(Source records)
----

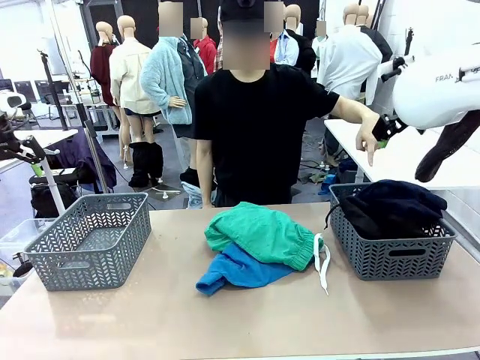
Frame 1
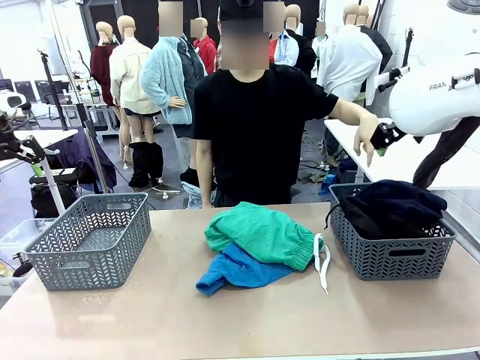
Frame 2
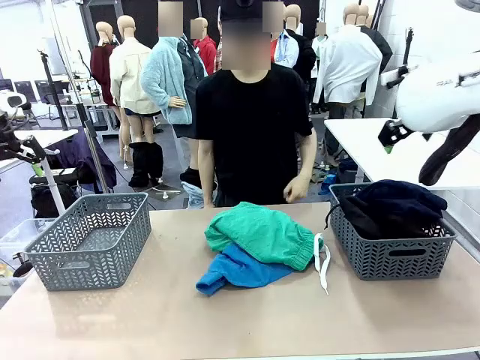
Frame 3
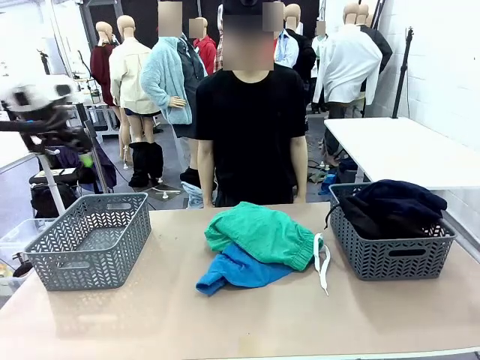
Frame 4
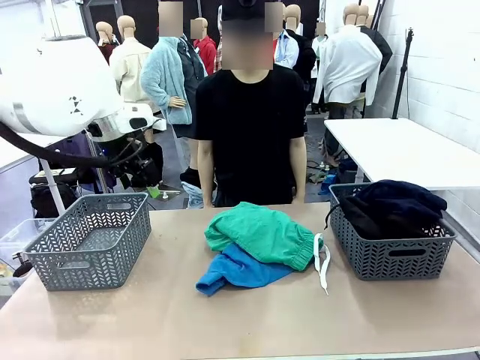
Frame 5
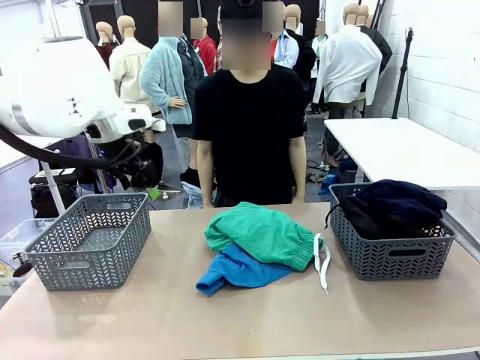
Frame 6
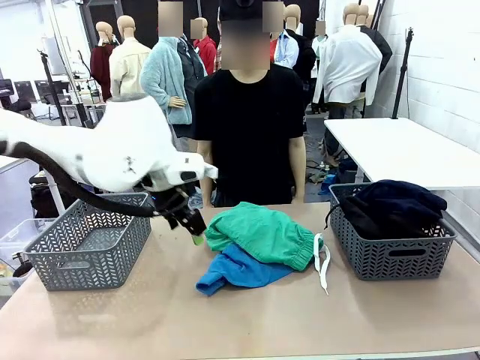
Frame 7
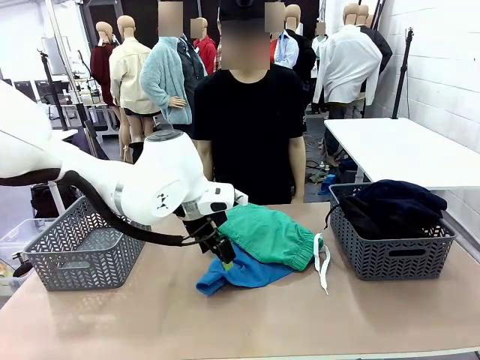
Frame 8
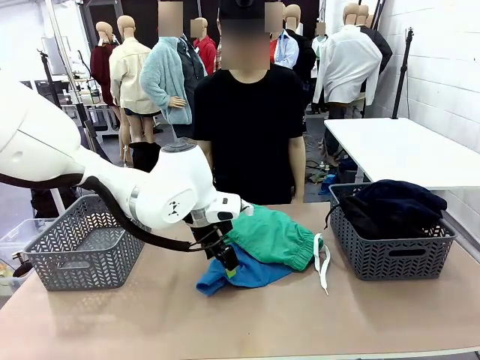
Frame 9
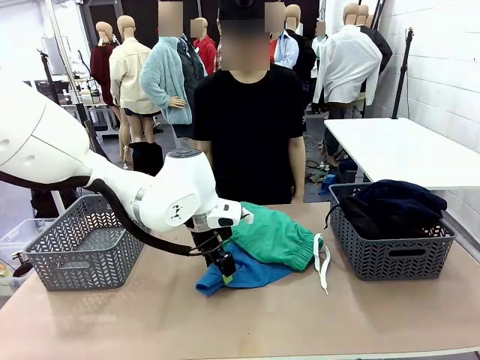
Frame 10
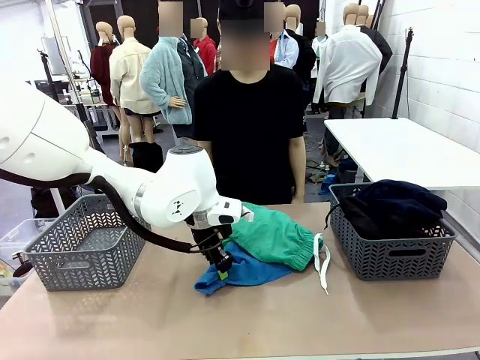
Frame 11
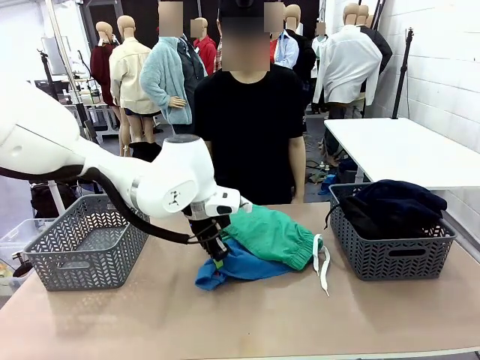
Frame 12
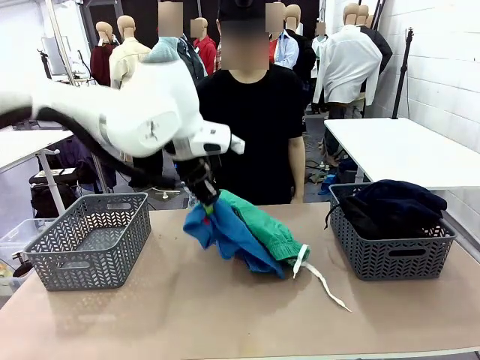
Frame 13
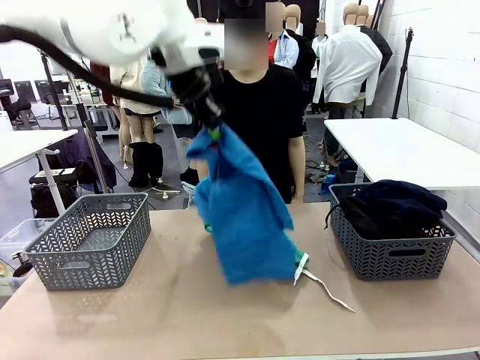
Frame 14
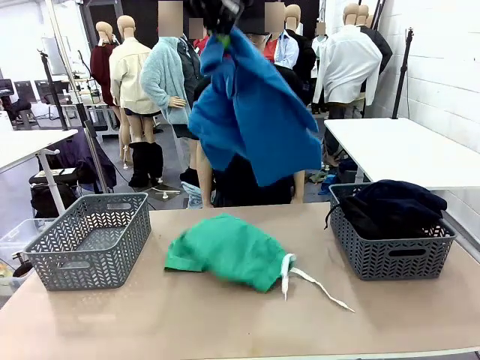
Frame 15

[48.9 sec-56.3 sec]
Task: Sort the tops and bottoms.
Robot: Lift clothes from the center of the table with your left hand.

----

**WHAT IS BEING ASKED**
Word for word, copy every line of the data, excluding any pictures.

**TASK RESPONSE**
Frame 1
Frame 2
Frame 3
Frame 4
Frame 5
Frame 6
Frame 7
Frame 8
Frame 9
Frame 10
Frame 11
Frame 12
Frame 13
Frame 14
Frame 15

[48.9 sec-56.3 sec]
Task: Sort the tops and bottoms.
Robot: Lift clothes from the center of the table with your left hand.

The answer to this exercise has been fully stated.